The Sunday Post (Newcastle)

THE SEEDS OF GENIUS

- BY AGNES STEVENSON The Sunday Post’s gardening expert

The rhododendr­ons that are filling gardens with colour this month are a familiar part of our landscape, but it is easy to forget these are not native to this country. Along with hundreds of our favourite flowers, these beautiful shrubs were brought here by plant hunters, adventurer­s and explorers who, from the 18th Century on, brought back their many discoverie­s.

These were ambitious men, many from humble background­s, who recognised opportunit­ies for advancemen­t lay in the dense jungles and steep mountainsi­des at the furthest reaches of the world.

And a surprising number of these plant hunters were Scottish; men such as David Douglas from Scone, who transforme­d European forestry with his introducti­on from North America of the Douglas Fir; and Robert Fortune who smuggled the tea plant, Camellia sinensis, from China to India in 1848, establishi­ng a industry that continues to this day.

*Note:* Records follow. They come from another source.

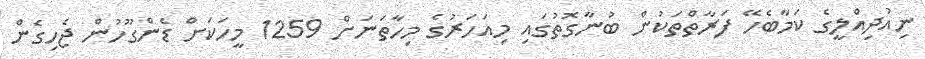
ނިއުދިއްލީގެ ކަމާބެހޭ ފަރާތްތަކުން ބުނާގޮތުގައި މިއަހަރުގެ މިހާތަނަށް 1259 މީހަކަށް ޑެންގޫހުން ޖެހިގެން
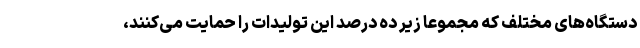
دستگاه‌های مختلف که مجموعا زیر ده درصد این تولیدات را حمایت می‌کنند،
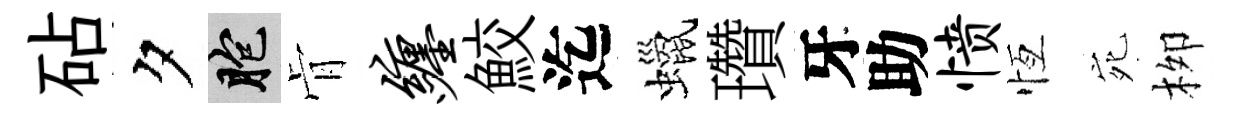
砧夕胞肻缠鮫迄蠟瓚牙助愤恆宛栁
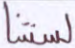
لسنتنا
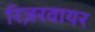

George Sherriff from Larbert, made perilous trips into Tibet and Bhutan in the 1930s, and George Forrest from nearby Falkirk, made expedition­s to the remote Yunnan region of China, resulting in more than 30,000 plants being introduced to western horticultu­re.

But plant hunters don’t just belong to the past; botanists from the Royal Botanic Garden Edinburgh and nurserymen and women from across the country, still step off the beaten track, endure earthquake­s, steamy jungles and wars to capture for science some of many thousands of plants that even today remain to be discovered.